The corporation's consolidated revenue for the third quarter of 2013 was reported in mid-October 2013 as $14.89 billion, a 12 percent increase compared to the previous quarter. Google's Internet business was responsible for $10.8 billion of this total, with an increase in the number of users' clicks on advertisements.
In April 2015, Google announced Project Fi, a mobile virtual network operator, that combines Wi-Fi and cellular networks from different telecommunication providers in an effort to enable seamless connectivity and fast Internet signal.
In May 2015, Google announced its intention to create its own campus in Hyderabad, India. The new campus, reported to be the company's largest outside the United States, will accommodate 13,000 employees.
On August 10, 2015, Google announced plans to reorganize its various interests as a conglomerate called Alphabet. Google became Alphabet's leading subsidiary, and will continue to be the umbrella company for Alphabet's Internet interests. Upon completion of the restructure, Sundar Pichai became CEO of Google, replacing Larry Page, who became CEO of Alphabet.
In October 2015, a related motto was adopted in the Alphabet corporate code of conduct by the phrase: "Do the right thing". The original motto was retained in the code of conduct of Google, now a subsidiary of Alphabet.
On March 15, 2016, Google announced the introduction of Google Analytics 360 Suite, "a set of integrated data and marketing analytics products, designed specifically for the needs of enterprise-class marketers" which can be integrated with BigQuery on the Google Cloud Platform.
As per its 2017 Annual report, Google generates most of its revenues from advertising. This includes sales of apps, purchases made in-app, digital content products on google and YouTube, android and licensing and service fees, including fees received for Google Cloud offerings. 46% of this was from clicks (cost per clicks), amounting to US$109,652 million in 2017.
In May 2017, Google enabled a new "Personal" tab in Google Search, letting users search for content in their Google accounts' various services, including email messages from Gmail and photos from Google Photos.
On June 27, 2017, the company received a record fine of €2.42 billion from the European Union for "promoting its own shopping comparison service at the top of search results."
On August 8, 2017, Google fired employee James Damore after he distributed a memo throughout the company which argued that "Google's ideological echo chamber" and bias clouded their thinking about diversity and inclusion, and that it is also biological factors, not discrimination alone, that cause the average woman to be less interested than men in technical positions.

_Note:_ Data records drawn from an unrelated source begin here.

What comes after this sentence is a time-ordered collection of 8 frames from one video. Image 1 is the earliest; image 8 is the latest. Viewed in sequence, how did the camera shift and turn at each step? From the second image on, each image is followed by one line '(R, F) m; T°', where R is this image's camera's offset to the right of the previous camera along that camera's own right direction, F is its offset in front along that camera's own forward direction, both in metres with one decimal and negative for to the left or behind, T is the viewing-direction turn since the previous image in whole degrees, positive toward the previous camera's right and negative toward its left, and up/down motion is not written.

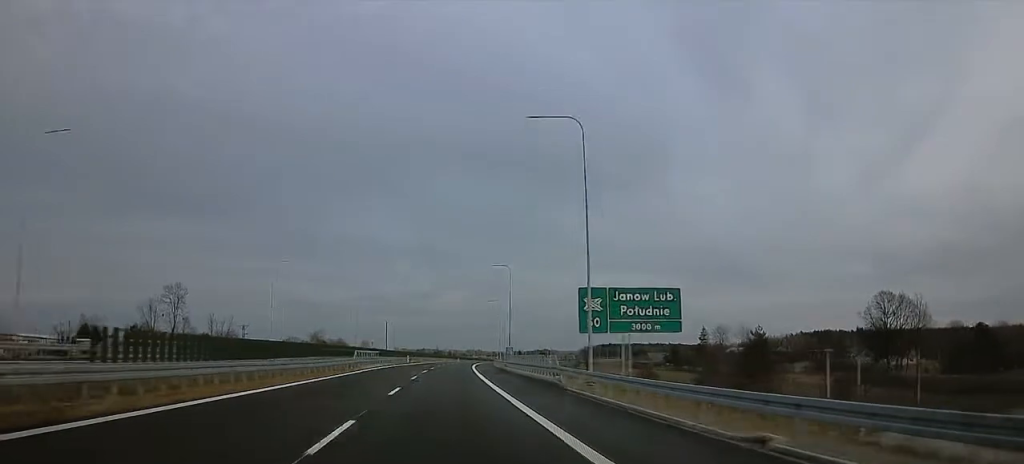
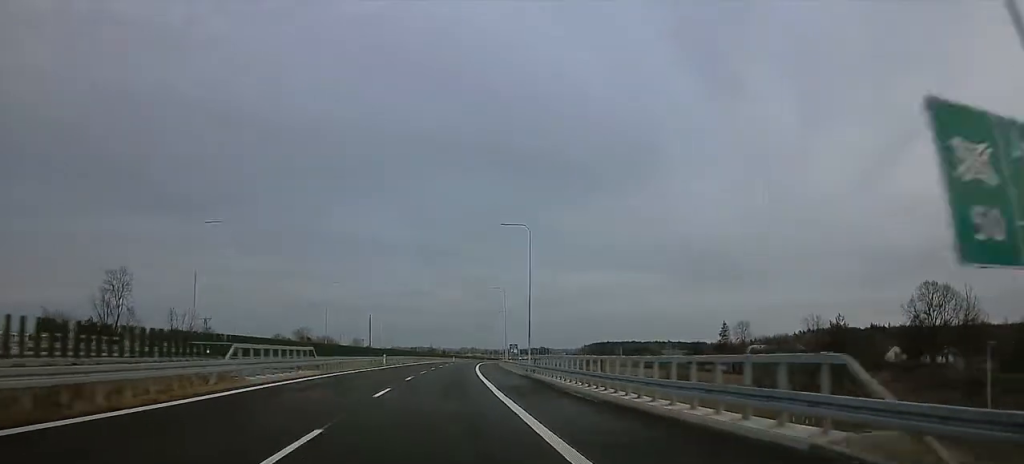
(+0.2, +25.7) m; 0°
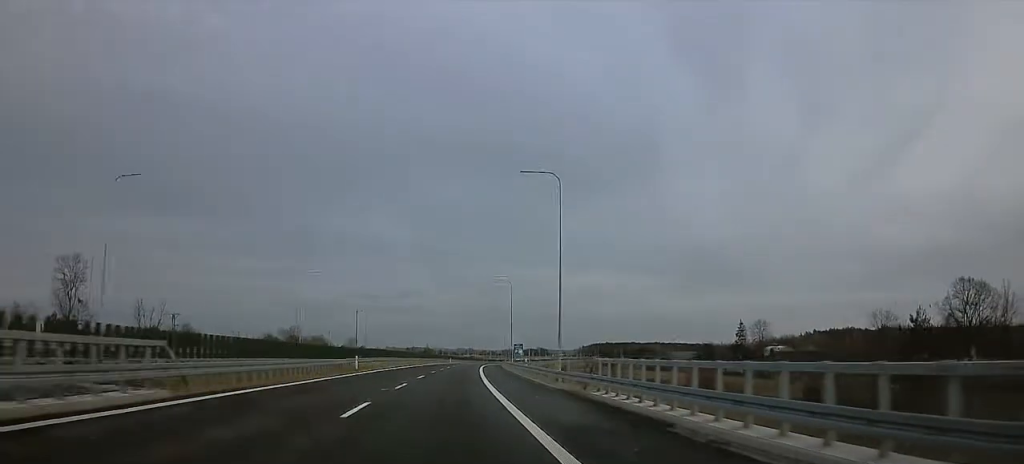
(+0.1, +17.5) m; 0°
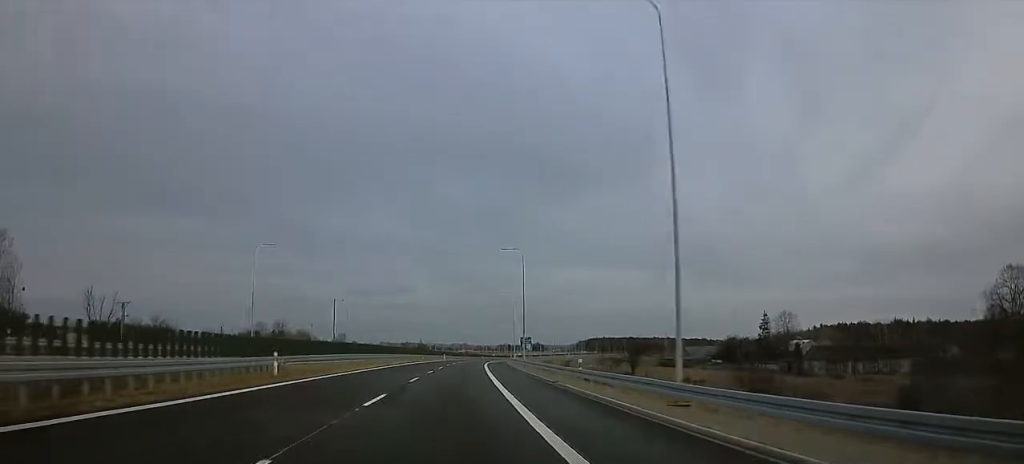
(-0.3, +21.5) m; +1°
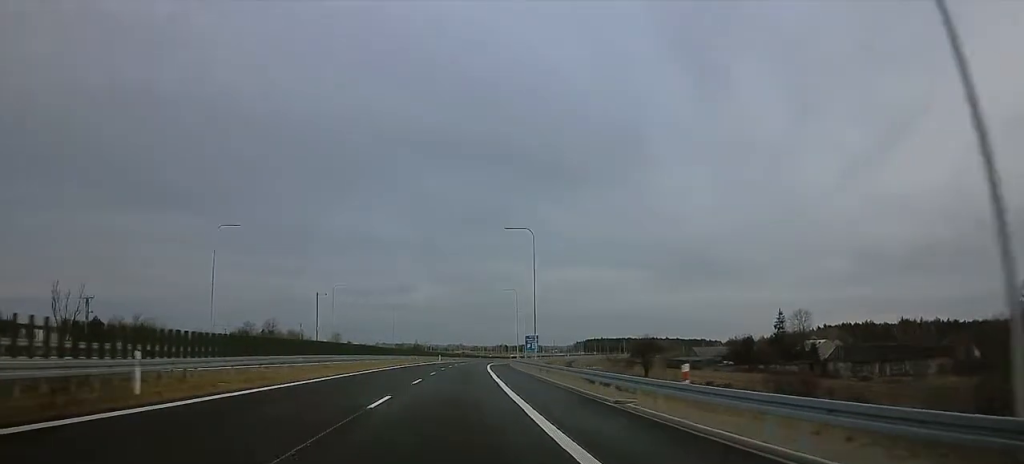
(-0.1, +13.3) m; 0°
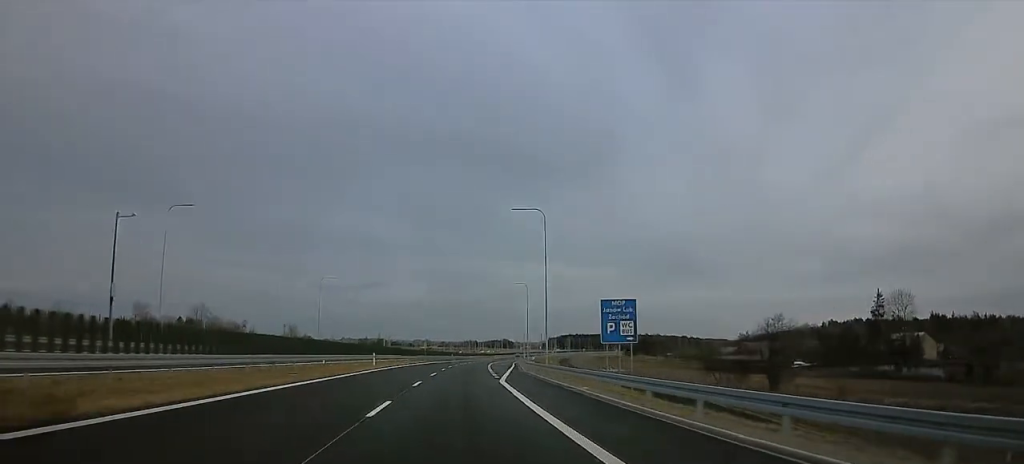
(0.0, +61.6) m; 0°
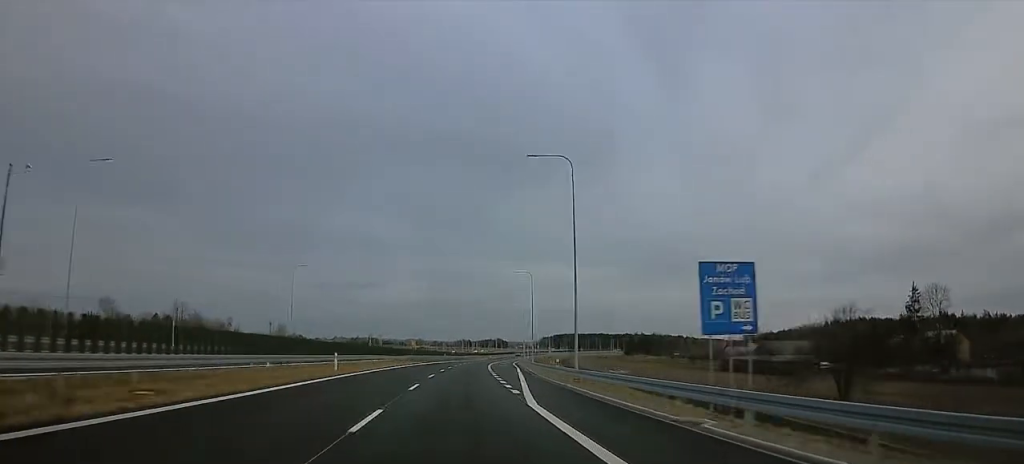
(+0.5, +14.4) m; +1°
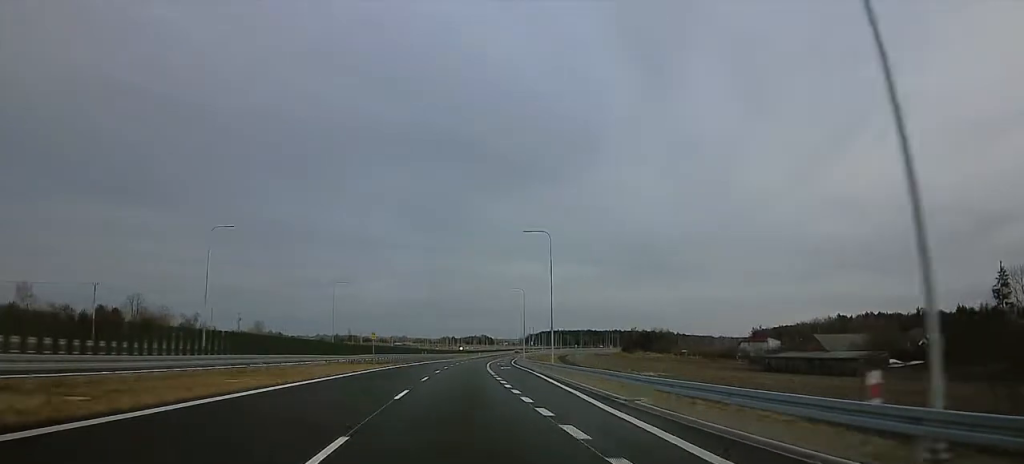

In March 2018, Google's parent company Alphabet bought the nearby Chelsea Market building for $2.4 billion. The sale is touted as one of the most expensive real estate transactions for a single building in the history of New York.
On October 25, 2018, The New York Times published the exposé, "How Google Protected Andy Rubin, the ‘Father of Android’". The company subsequently announced that "48 employees have been fired over the last two years" for sexual misconduct.
On March 20, 2019, the European Commission imposed a €1.49 billion ($1.69 billion) fine on Google for preventing rivals from being able to “compete and innovate fairly” in the online advertising market.